1 research outputs found
Design of Low-Power NRZ/PAM-4 Wireline Transmitters
Rapid growing demand for instant multimedia access in a myriad of digital devices has pushed
the need for higher bandwidth in modern communication hardwares ranging from short-reach (SR)
memory/storage interfaces to long-reach (LR) data center Ethernets. At the same time, comprehensive
design optimization of link system that meets the energy-efficiency is required for mobile
computing and low operational cost at datacenters. This doctoral study consists of design of two
low-swing wireline transmitters featuring a low-power clock distribution and 2-tap equalization in
energy-efficient manners up to 20-Gb/s operation. In spite of the reduced signaling power in the
voltage-mode (VM) transmit driver, the presence of the segment selection logic still diminishes the
power saving benefit.
The first work presents a scalable VM transmitter which offers low static power dissipation
and adopts an impedance-modulated 2-tap equalizer with analog tap control, thereby obviating
driver segmentation and reducing pre-driver complexity and dynamic power.

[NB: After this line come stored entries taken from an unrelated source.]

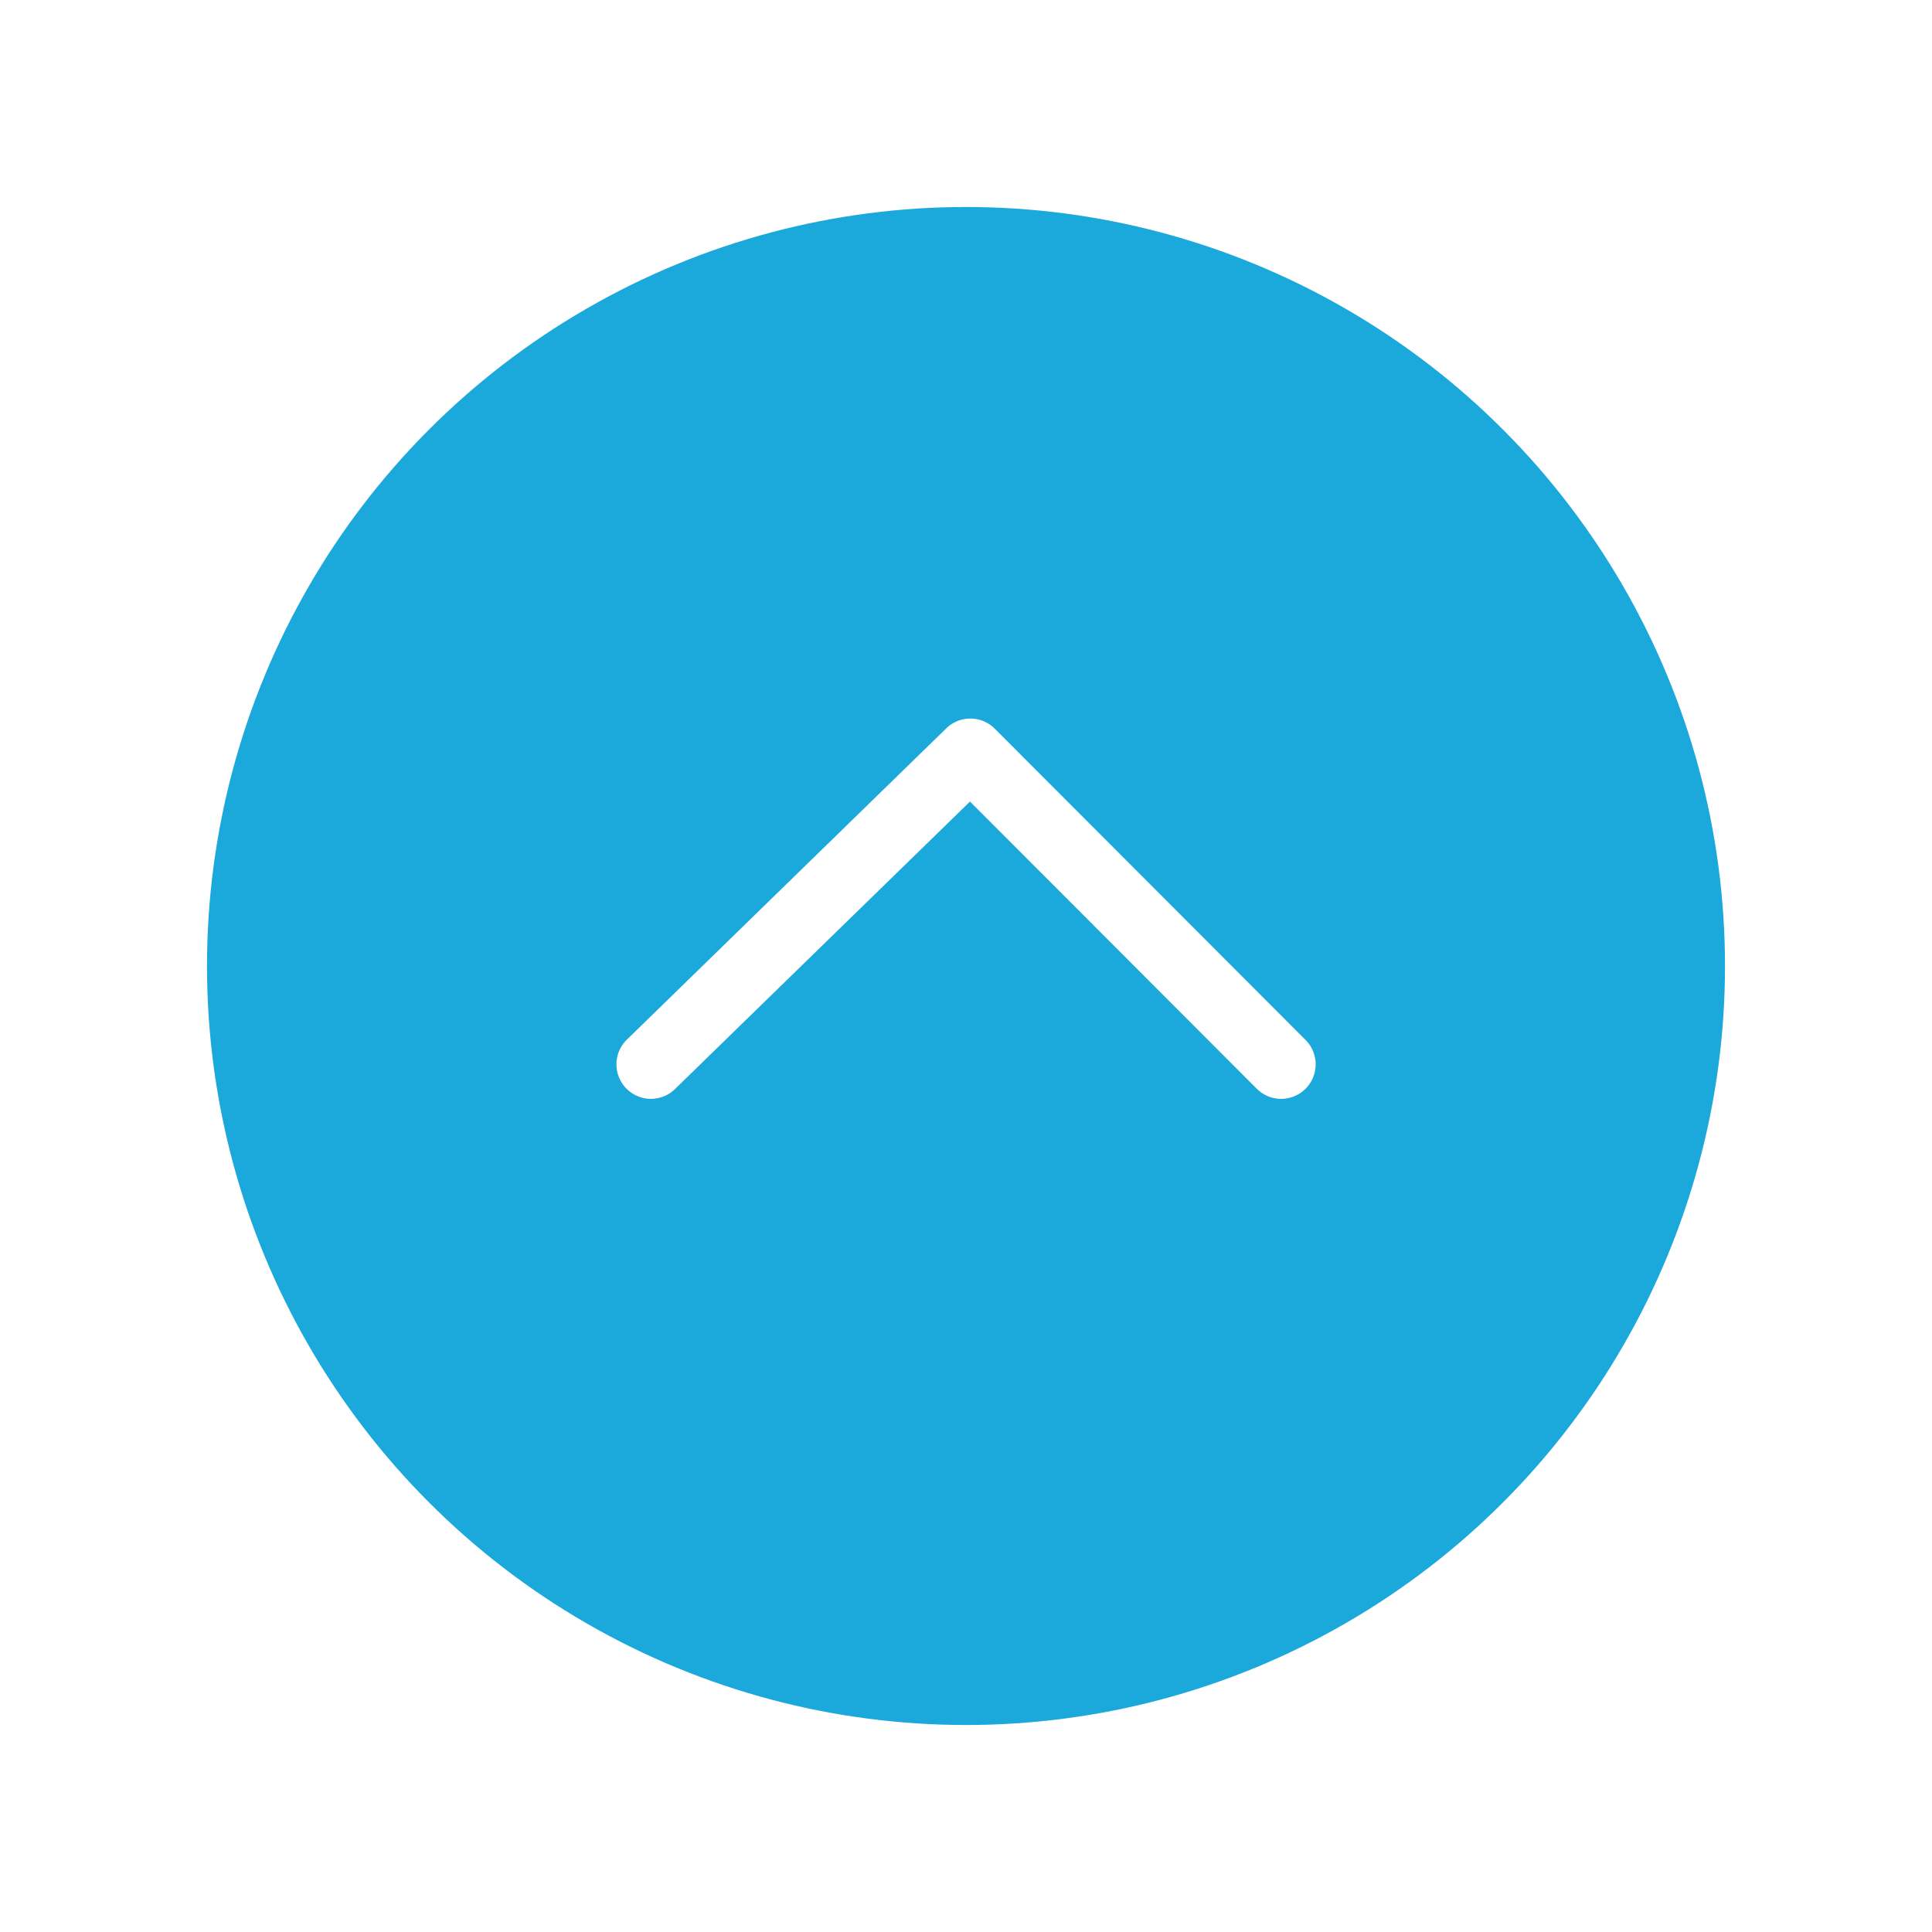 <svg xmlns="http://www.w3.org/2000/svg" xmlns:xlink="http://www.w3.org/1999/xlink" width="84" height="84" viewBox="0 0 84 84">
  <defs>
    <filter id="楕円形_11" x="0" y="0" width="84" height="84" filterUnits="userSpaceOnUse">
      <feOffset dy="3" input="SourceAlpha"/>
      <feGaussianBlur stdDeviation="3" result="blur"/>
      <feFlood flood-opacity="0.161"/>
      <feComposite operator="in" in2="blur"/>
      <feComposite in="SourceGraphic"/>
    </filter>
  </defs>
  <g id="top-btn" transform="translate(-1839 -954)">
    <g transform="matrix(1, 0, 0, 1, 1839, 954)" filter="url(#楕円形_11)">
      <circle id="楕円形_11-2" data-name="楕円形 11" cx="33" cy="33" r="33" transform="translate(9 6)" fill="#1ba8db"/>
    </g>
    <path id="パス_2425" data-name="パス 2425" d="M4380.1,824.876a1.5,1.5,0,0,1-1.047-2.574l13.887-13.535a1.5,1.5,0,0,1,2.108.014l13.514,13.535a1.5,1.5,0,1,1-2.123,2.12l-12.467-12.486-12.826,12.5A1.5,1.5,0,0,1,4380.1,824.876Z" transform="translate(-2512.798 176.9)" fill="#fff"/>
  </g>
</svg>
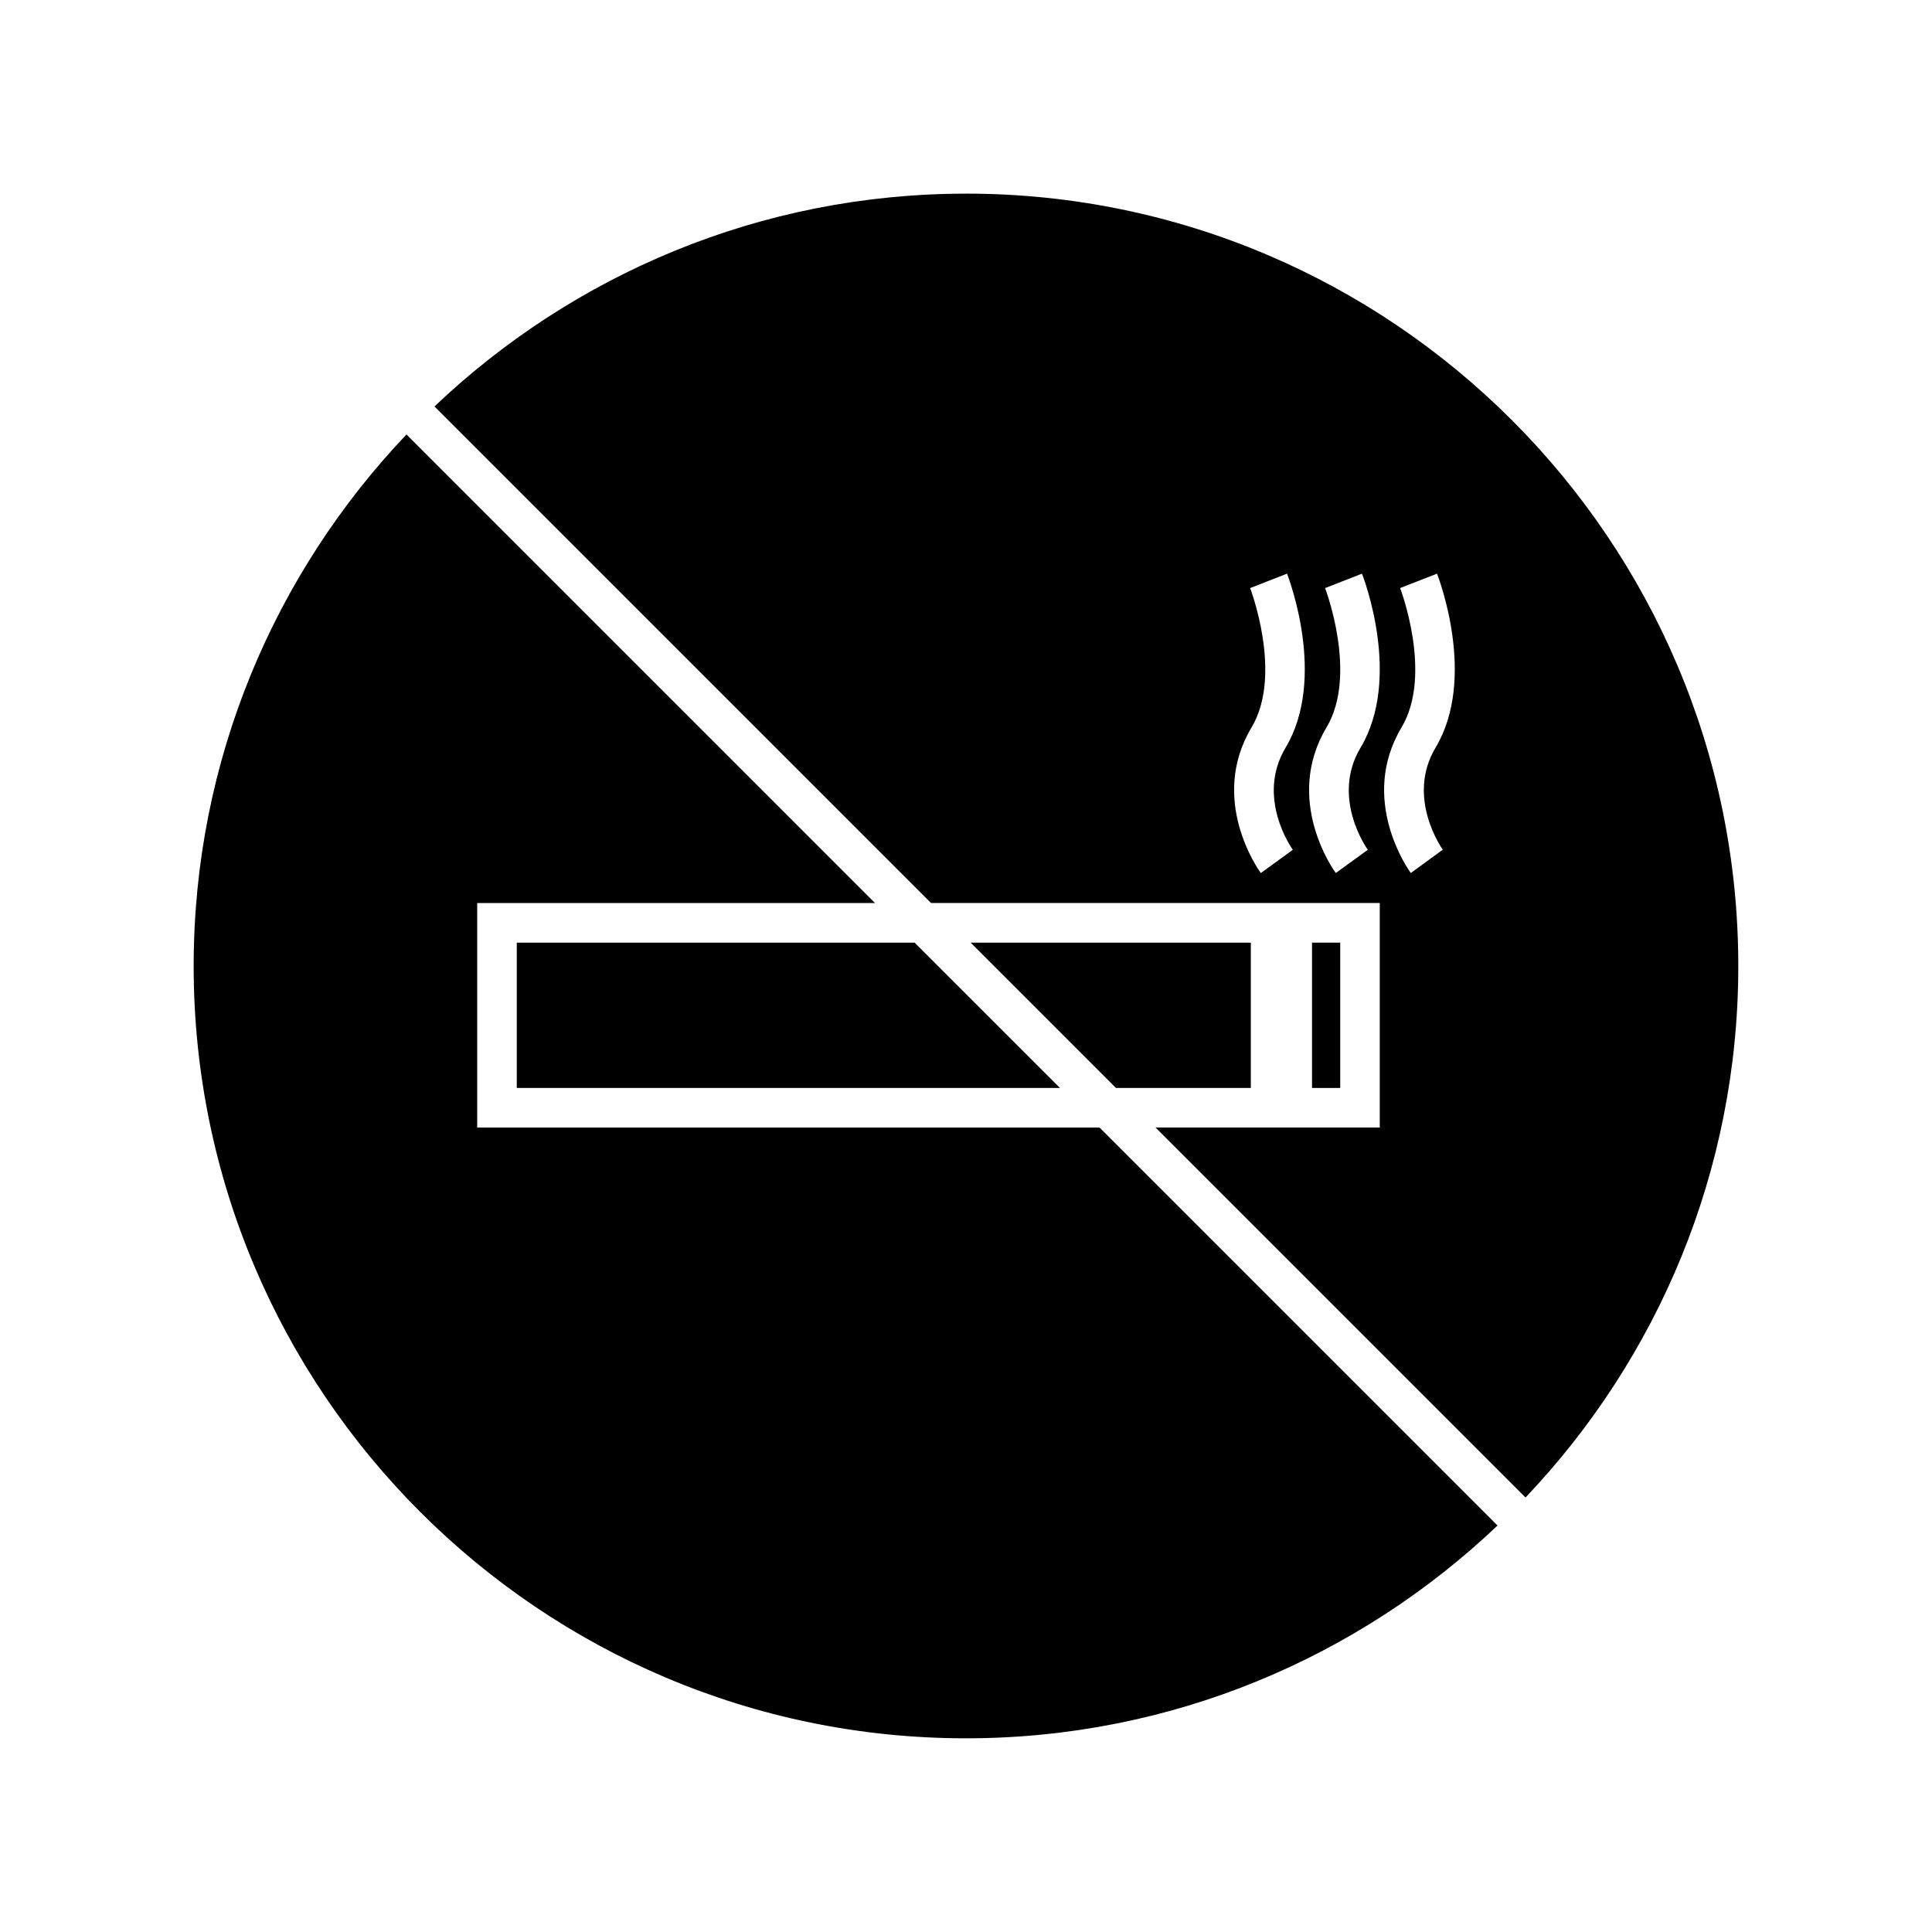 <?xml version="1.0" encoding="UTF-8"?>
<!-- The Best Svg Icon site in the world: iconSvg.co, Visit us! https://iconsvg.co -->
<svg fill="#000000" width="800px" height="800px" version="1.1" viewBox="144 144 512 512" xmlns="http://www.w3.org/2000/svg">
 <g>
  <path d="m475.48 432.32v-38.508h-74.25l38.512 38.508z"/>
  <path d="m280.95 393.81v38.508h143.95l-38.512-38.508z"/>
  <path d="m270.46 442.82v-59.5h105.43l-124.17-124.18c-34.906 36.723-56.398 86.309-56.398 140.86 0 112.86 91.812 204.67 204.67 204.67 54.555 0 104.14-21.496 140.87-56.391l-105.46-105.46z"/>
  <path d="m491.7 393.81h7.473v38.512h-7.473z"/>
  <path d="m400 195.32c-54.547 0-104.14 21.492-140.86 56.395l131.59 131.59h118.92v59.504h-59.414l98.043 98.043c34.891-36.723 56.387-86.309 56.387-140.86 0-112.86-91.816-204.68-204.67-204.68zm86.613 173.88-8.484 6.168c-0.582-0.781-13.898-19.438-2.449-38.605 8.355-13.98-0.301-36.695-0.379-36.918l9.773-3.816c0.438 1.125 10.613 27.695-0.383 46.121-7.848 13.133 1.516 26.488 1.922 27.051zm19.871 0-8.492 6.168c-0.578-0.781-13.891-19.438-2.445-38.605 8.348-13.98-0.301-36.695-0.383-36.918l9.777-3.816c0.438 1.125 10.613 27.695-0.383 46.121-7.84 13.133 1.523 26.488 1.926 27.051zm19.867-0.027-8.477 6.188c-0.57-0.781-13.898-19.438-2.445-38.605 8.348-13.977-0.293-36.688-0.383-36.914l9.777-3.816c0.438 1.125 10.617 27.695-0.383 46.109-7.934 13.273 1.809 26.902 1.91 27.039z"/>
 </g>
</svg>

Per-channel quadrature
clock generation with injection-locked oscillators (ILO) allows the generation of rail-to-rail
quadrature clocks. Energy efficiency is further improved with capacitively driven low-swing global
clock distribution and supply scaling at lower data rates, while output eye quality is maintained at
low voltages with automatic phase calibration of the local ILO-generated quarter-rate clocks. A
prototype fabricated in a general purpose 65 nm CMOS process includes a 2 mm global clock
distribution network and two transmitters that support an output swing range of 100-300mV with
up to 12-dB of equalization. The transmitters achieve 8-16 Gb/s operation at 0.65-1.05 pJ/b energy
efficiency.
The second work involves a dual-mode NRZ/PAM-4 differential low-swing voltage-mode (VM)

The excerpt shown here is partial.